Destroys an object and frees the z buffer memory. Note that you cannot use the delete operator, and should rather use this function to free up memory.

static void TransformVertices(const float *mtx, const float *inVtx, float *xfVtx, unsigned int nVtx)

Utility function for transforming vertices and outputting them to an (x,y,z,w) format suitable for the occluder rasterization and occludee testing functions.

Parameters:

  • mtx – Pointer to matrix data. The matrix should column major for post multiplication (OGL) and row major for pre-multiplication (DX). This is consistent with OpenGL / DirectX behavior.

  • inVtx – Pointer to an array of input vertices. The input vertices are given as (x,y,z) coordinates. The memory layout can be changed using vtxLayout.

  • xfVtx – Pointer to an array to store transformed vertices. The transformed vertices are always stored as array of structs (AoS) (x,y,z,w) packed in memory.

  • nVtx – Number of vertices to transform.

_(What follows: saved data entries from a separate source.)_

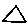
Label: triangle
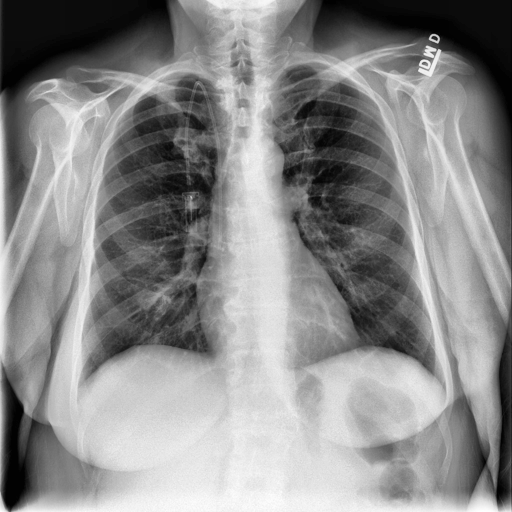
Finding: NORMAL
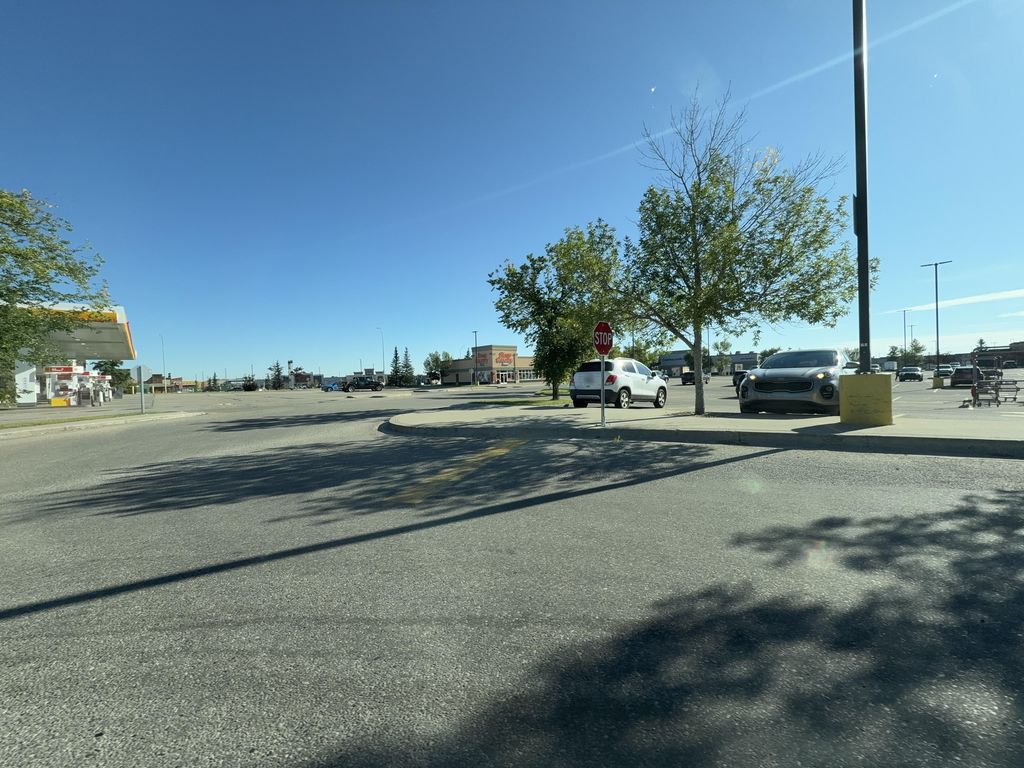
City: calgary
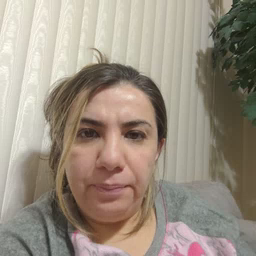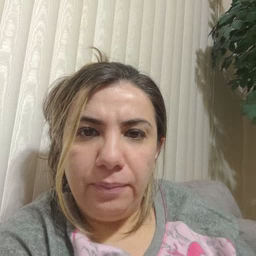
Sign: same
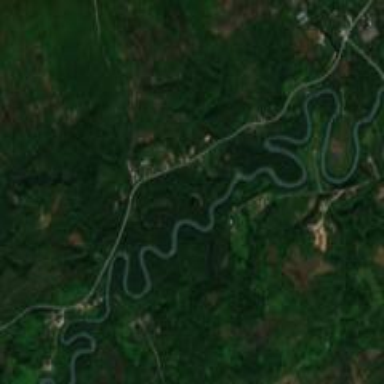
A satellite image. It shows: Beautiful river scene.
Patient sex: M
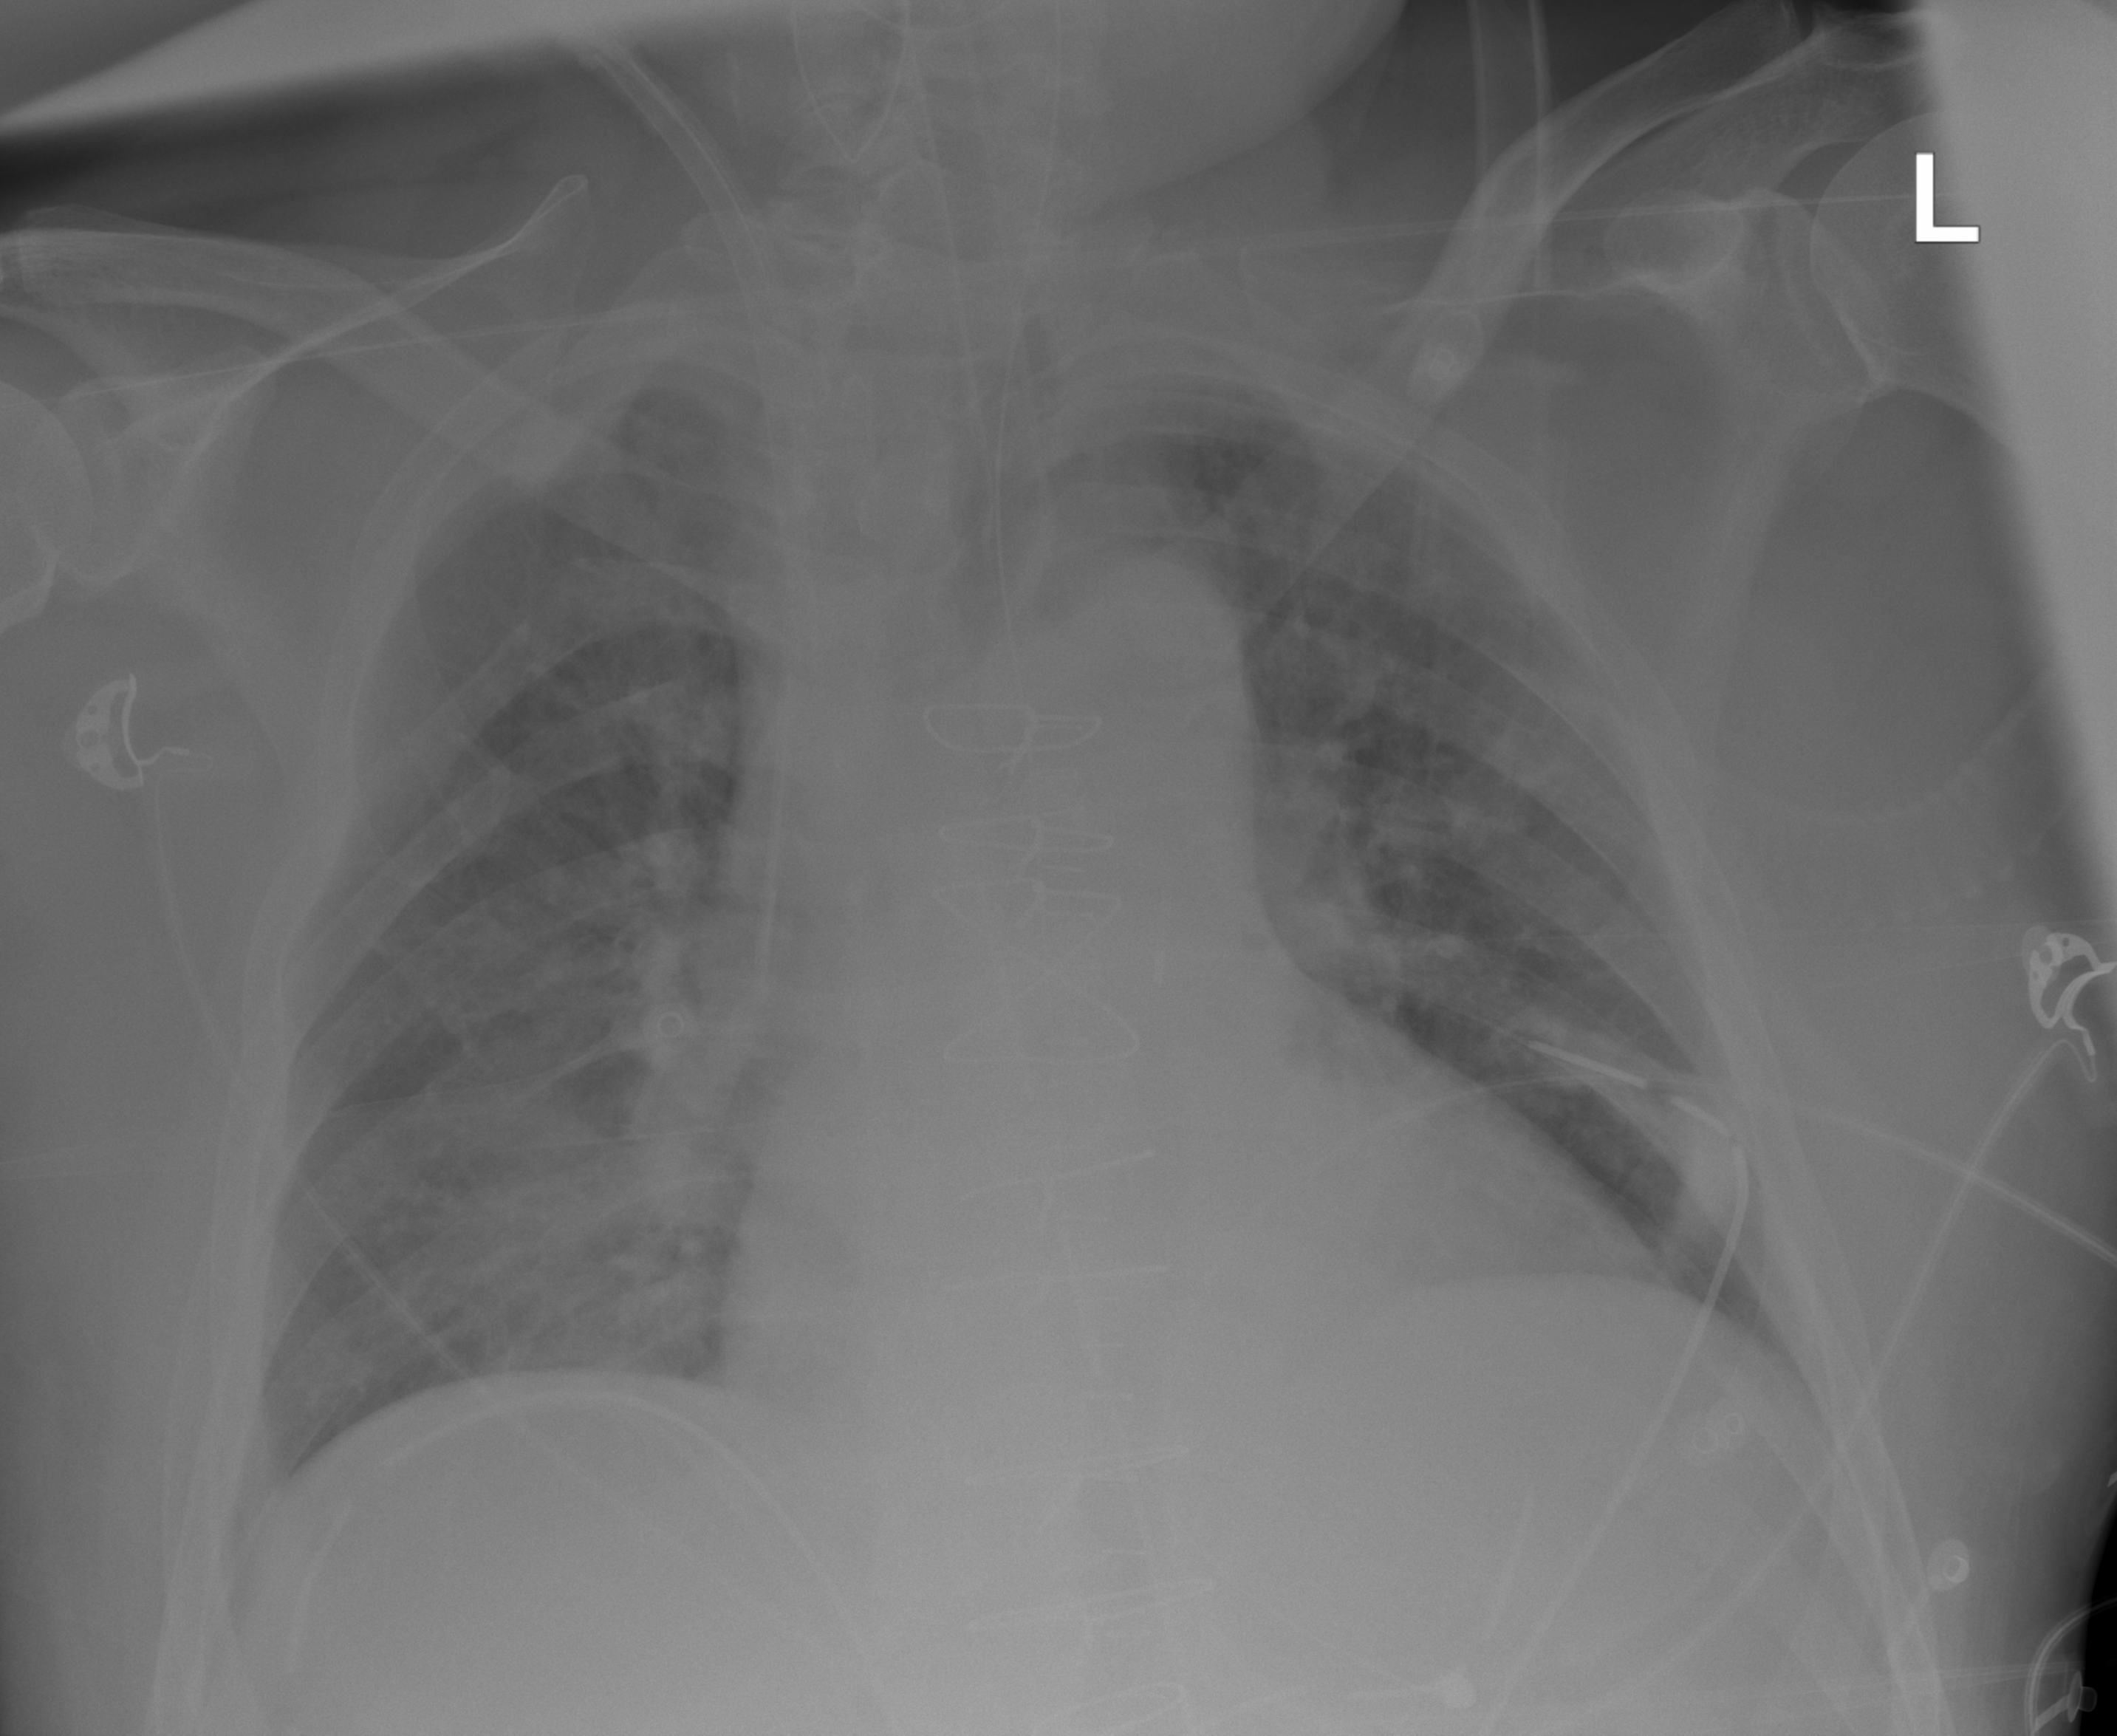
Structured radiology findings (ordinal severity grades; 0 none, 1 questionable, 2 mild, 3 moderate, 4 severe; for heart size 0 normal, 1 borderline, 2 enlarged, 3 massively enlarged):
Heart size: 2
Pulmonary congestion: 2
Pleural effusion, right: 0
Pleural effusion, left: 0
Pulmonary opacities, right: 2
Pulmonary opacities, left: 0
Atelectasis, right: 0
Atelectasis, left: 0

  • vtxLayout – A struct specifying the vertex layout (see struct for detailed description). For best performance, it is advisable to store position data as compactly in memory as possible. Note that for this function, the w-component is assumed to be 1.0.

Protected Functions

inline virtual ~MaskedOcclusionCulling()

Protected Attributes

pfnAlignedAlloc mAlignedAllocCallback
pfnAlignedFree mAlignedFreeCallback
mutable OcclusionCullingStatistics mStats
struct OcclusionCullingStatistics
#include <dag_maskedOcclusionCulling.h>

Statistics that can be gathered during occluder rendering and visibility to aid debugging and profiling. Must be enabled by changing the ENABLE_STATS define.

Public Members

long long mNumProcessedTriangles

Number of occluder triangles processed in total.

Number of ocludee triangles processed (TestTriangles())

long long mNumRasterizedTriangles

Number of occluder triangles passing view frustum and backface culling

Number of ocludee triangle passing view frustum and backface culling

long long mNumTilesTraversed

Number of tiles traversed by the rasterizer.

Number of tiles traversed by triangle & rect rasterizers.

long long mNumTilesUpdated

Number of tiles where the hierarchical z buffer was updated.

long long mNumTilesMerged

Number of tiles where the hierarchical z buffer was updated.

struct MaskedOcclusionCulling::OcclusionCullingStatistics mOccluders
long long mNumProcessedRectangles

Number of rects processed (TestRect())

struct MaskedOcclusionCulling::OcclusionCullingStatistics mOccludees
struct ScissorRect
#include <dag_maskedOcclusionCulling.h>

Used to control scissoring during rasterization. Note that we only provide coarse scissor support. The scissor box x coordinates must be a multiple of 32, and the y coordinates a multiple of 8. Scissoring is mainly meant as a means of enabling binning (sort middle) rasterizers in case application developers want to use that approach for multithreading.

Public Functions

inline ScissorRect()
inline ScissorRect(int minX, int minY, int maxX, int maxY)

Public Members

int mMinX = 0

Screen space X coordinate for left side of scissor rect, inclusive and must be a multiple of 32

int mMinY = 0

Screen space Y coordinate for bottom side of scissor rect, inclusive and must be a multiple of 8

int mMaxX = 0

Screen space X coordinate for right side of scissor rect, non inclusive and must be a multiple of 32

int mMaxY = 0

Screen space Y coordinate for top side of scissor rect, non inclusive and must be a multiple of 8

struct TriList
#include <dag_maskedOcclusionCulling.h>

Used to specify storage area for a binlist, containing triangles. This struct is used for binning and multithreading. The host application is responsible for allocating memory for the binlists.

Public Members

unsigned int mNumTriangles

Maximum number of triangles that may be stored in mPtr.

unsigned int mTriIdx

Index of next triangle to be written, clear before calling BinTriangles to start from the beginning of the list

float *mPtr

Scratchpad buffer allocated by the host application.